Farmacie, la performance passa da territorio, organizzazione e consiglio

Farmacie, la performance passa da territorio, organizzazione e consiglio
Condividi:
Share

La farmacia italiana ha già imboccato la strada della trasformazione. Ma il passaggio decisivo non è più “fare servizi”. È qualcosa di più difficile e meno visibile: organizzare quei servizi, interpretarli dentro i bisogni sanitari reali del territorio, e renderli parte di una relazione stabile con i cittadini, i medici e il sistema sanitario locale. È il messaggio centrale che emerge dall’indagine realizzata da Homnya su 400 farmacie private italiane -200 high performing e 200 low performing- attraverso interviste CATI/CAWI con un tasso di redemption del 92%.

Lo studio, presentato in occasione di Cosmofarma, aveva un obiettivo preciso: identificare i driver strutturali, gestionali e culturali che spiegano le differenze di performance, con focus su passaggio generazionale, clima organizzativo, servizi, consulenza e rapporto con la sanità territoriale. La selezione del campione si è basata su fatturato, confezioni vendute e numero di ingressi nel 2025 rispetto al 2024.

Il modello è convergente. La differenza è nell’esecuzione

Il primo dato rilevante è che la “farmacia dei servizi” non è più una prospettiva: è una realtà di fatto. Il 95% circa delle farmacie intervistate dichiara di operare con un modello equilibrato tra servizi sanitari e consulenza. Solo quote marginali si posizionano agli estremi, orientamento esclusivo ai diagnostici o alla sola consulenza.

Il punto critico emerge subito dopo: high e low performing dichiarano sostanzialmente lo stesso modello. La differenza, quindi, non sta più nell’adesione teorica, ma nella capacità di renderla operativa. Sul piano organizzativo, il 65% delle farmacie dichiara ruoli e responsabilità ben definiti nel team. Il 31% lavora ancora con un modello poco formalizzato, in cui tutti fanno tutto. Le high performing appaiono leggermente più strutturate, ma lo scarto non è determinante. Organizzazione interna è condizione necessaria, ma non sufficiente.

La formazione non basta, anzi, il dato sorprende

La formazione è ormai uno standard: oltre otto farmacie su dieci dichiarano che il personale ha partecipato, negli ultimi tre anni, a 2-5 eventi formativi al mese. Le aree più presidiate includono telemedicina e servizi digitali, diagnostica, dermocosmesi, gestione organizzativa e consulenza nutraceutica. Ma qui emerge uno degli elementi più controintuitivi dell’indagine: la maggiore intensità formativa non coincide con una migliore performance. Le low performing dichiarano addirittura una frequenza formativa più alta delle high performing. Il punto, quindi, non è quanta formazione si fa. È come viene tradotta nella relazione concreta con il paziente.

Il cliente arriva già deciso. Ma non per le high performing

Il dato più netto riguarda il comportamento dei cittadini. Per il 72% del campione, su dieci pazienti che entrano in farmacia, solo due chiedono consiglio al farmacista: gli altri otto hanno già un’idea precisa del prodotto da acquistare. È un segnale forte di come il processo decisionale si sposti sempre più a monte, tra informazione online, pubblicità, passaparola e abitudini consolidate.

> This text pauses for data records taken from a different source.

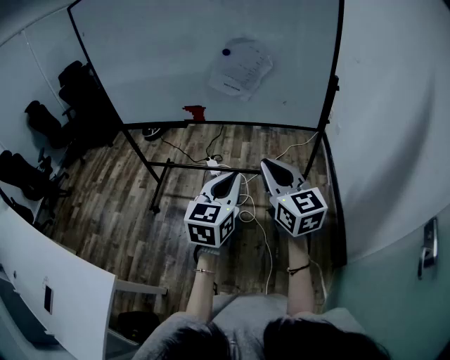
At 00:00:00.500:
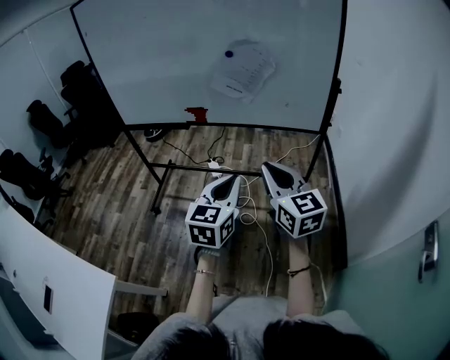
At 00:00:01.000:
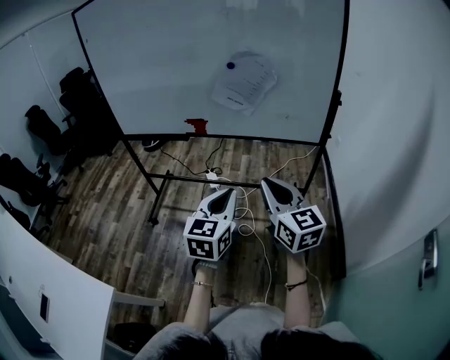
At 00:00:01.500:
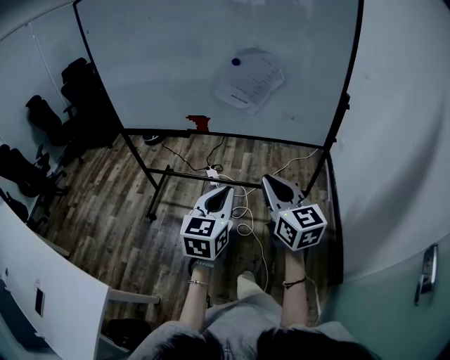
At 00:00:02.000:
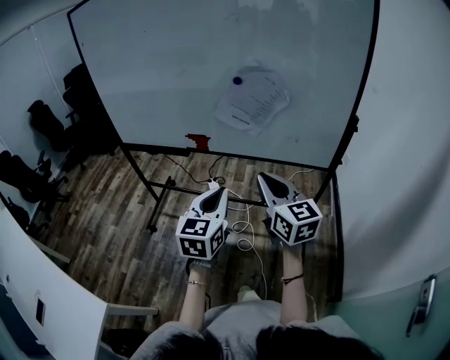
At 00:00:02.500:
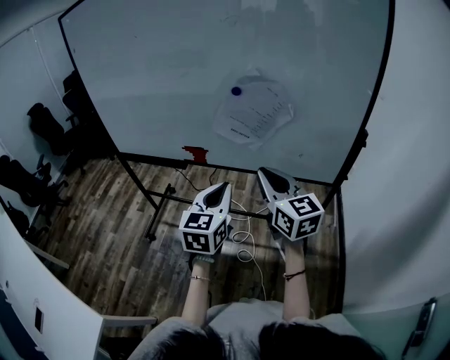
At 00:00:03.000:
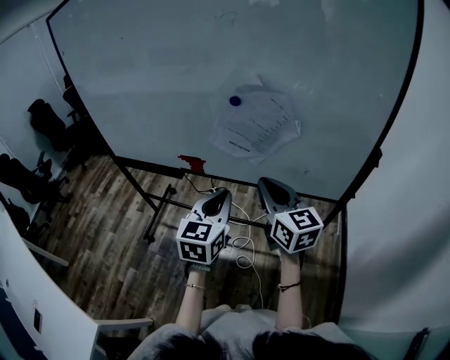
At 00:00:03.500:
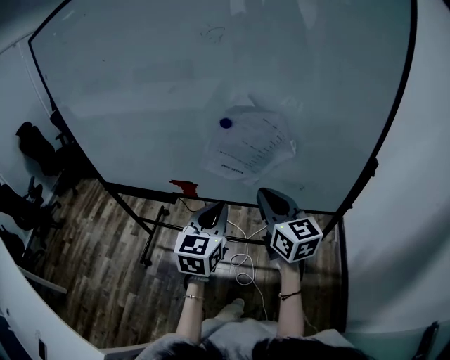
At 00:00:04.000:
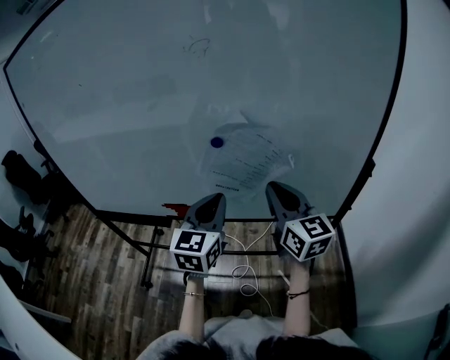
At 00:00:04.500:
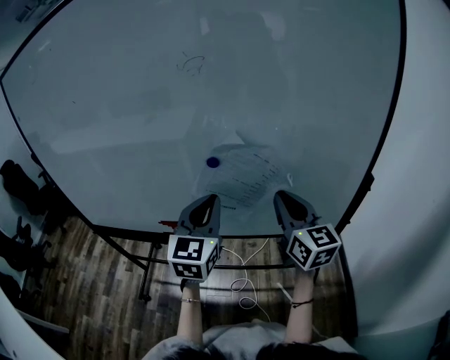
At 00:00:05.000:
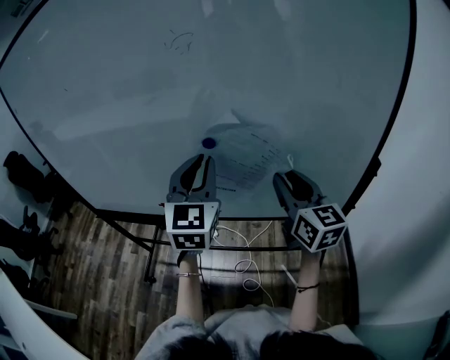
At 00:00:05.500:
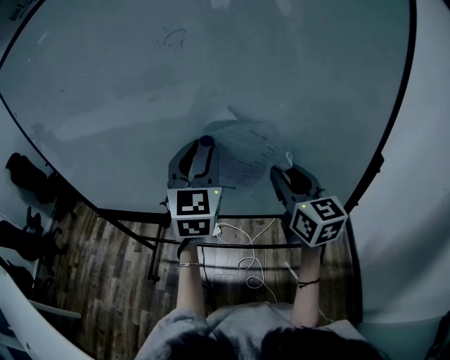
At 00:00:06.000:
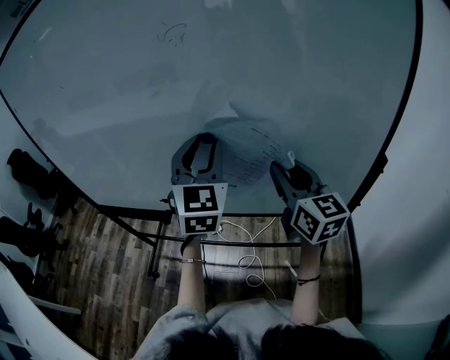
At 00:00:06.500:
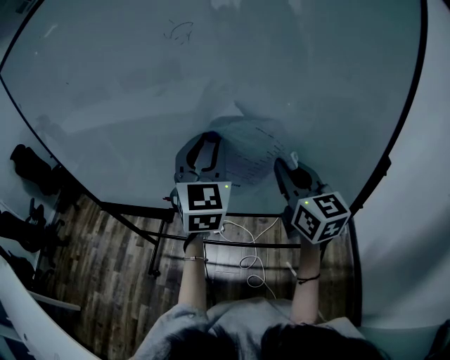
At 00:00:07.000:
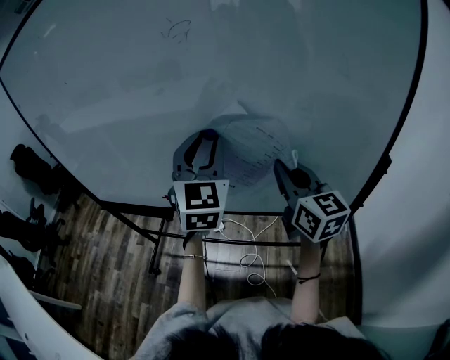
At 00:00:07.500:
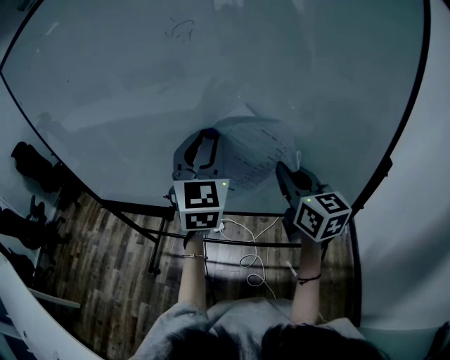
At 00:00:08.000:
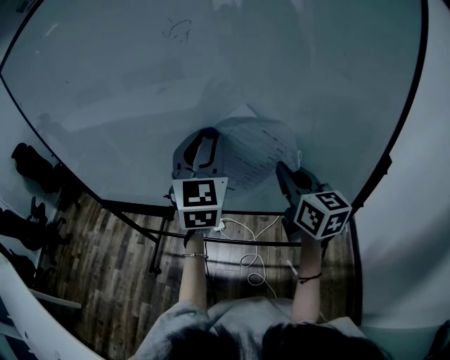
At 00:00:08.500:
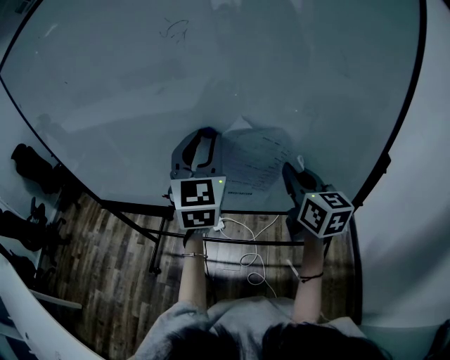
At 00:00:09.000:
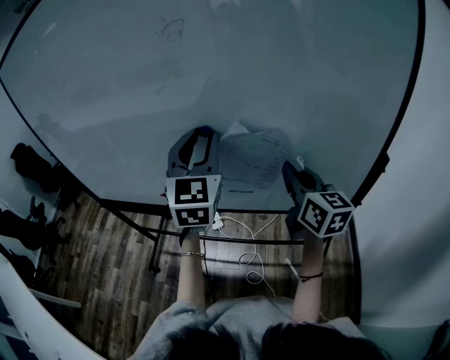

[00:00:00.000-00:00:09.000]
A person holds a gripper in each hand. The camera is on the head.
00:00:00.000 to 00:00:02.000: The two grippers go about 15 cm forward.
00:00:02.000 to 00:00:04.500: Both grippers travel together forward, about 30 cm.
00:00:04.500 to 00:00:07.000: The left gripper shifts about 10 cm upward and forward, swivels approximately 20 degrees, and opens; the right gripper opens, then closes once more.
00:00:07.000 to 00:00:09.000: There are only small adjustments of the grippers.

Ma qui la differenza tra high e low diventa decisiva. Tra le low performing, il 100% riconosce il modello “2 su 10 che chiedono consiglio”. Tra le high, questa quota scende al 57%: nelle restanti, il farmacista riesce a intercettare il processo d’acquisto in modo più attivo, con percentuali di pazienti che cercano consiglio che arrivano fino a 6 su 10. Le farmacie che performano meglio non sono semplicemente quelle che vendono di più. Sono quelle che riescono a mantenere vivo il ruolo professionale del farmacista anche in un contesto in cui il cliente arriva autonomo e già orientato.

Il territorio: il nodo che non si chiude

Sul rapporto con la sanità del territorio, il 72% delle farmacie si valuta in modo sufficiente o buono, il 16% ottimo e il 12% insufficiente. Le low performing tendono persino ad auto-valutarsi più positivamente delle high, un segnale rivelatore: le farmacie più performanti sono anche le più critiche verso sé stesse, più capaci di leggere i propri limiti.

Quando si passa dalla percezione alla pratica, i gap diventano evidenti. Più della metà delle farmacie mostra livelli insufficienti nell’analisi strutturata dei bisogni sanitari del territorio. Solo una minoranza dichiara un approccio metodologico e continuativo. Molte farmacie vogliono essere presidi sanitari di prossimità, ma non dispongono degli strumenti -o della cultura- per capire sistematicamente quali siano i bisogni reali della popolazione che servono.

Ancora più netta la fotografia sulla gestione integrata del paziente. Nel 63% dei casi, meno del 20% dei pazienti viene seguito “a quattro mani” da farmacista e medico. Tra le high performing, il 39% dichiara che tra il 20% e il 50% dei pazienti è gestito in collaborazione con il medico; tra le low questa quota scende al 22%. Questo è probabilmente il vero driver di performance: non la presenza di servizi, ma la capacità di costruire una relazione operativa con i medici del territorio.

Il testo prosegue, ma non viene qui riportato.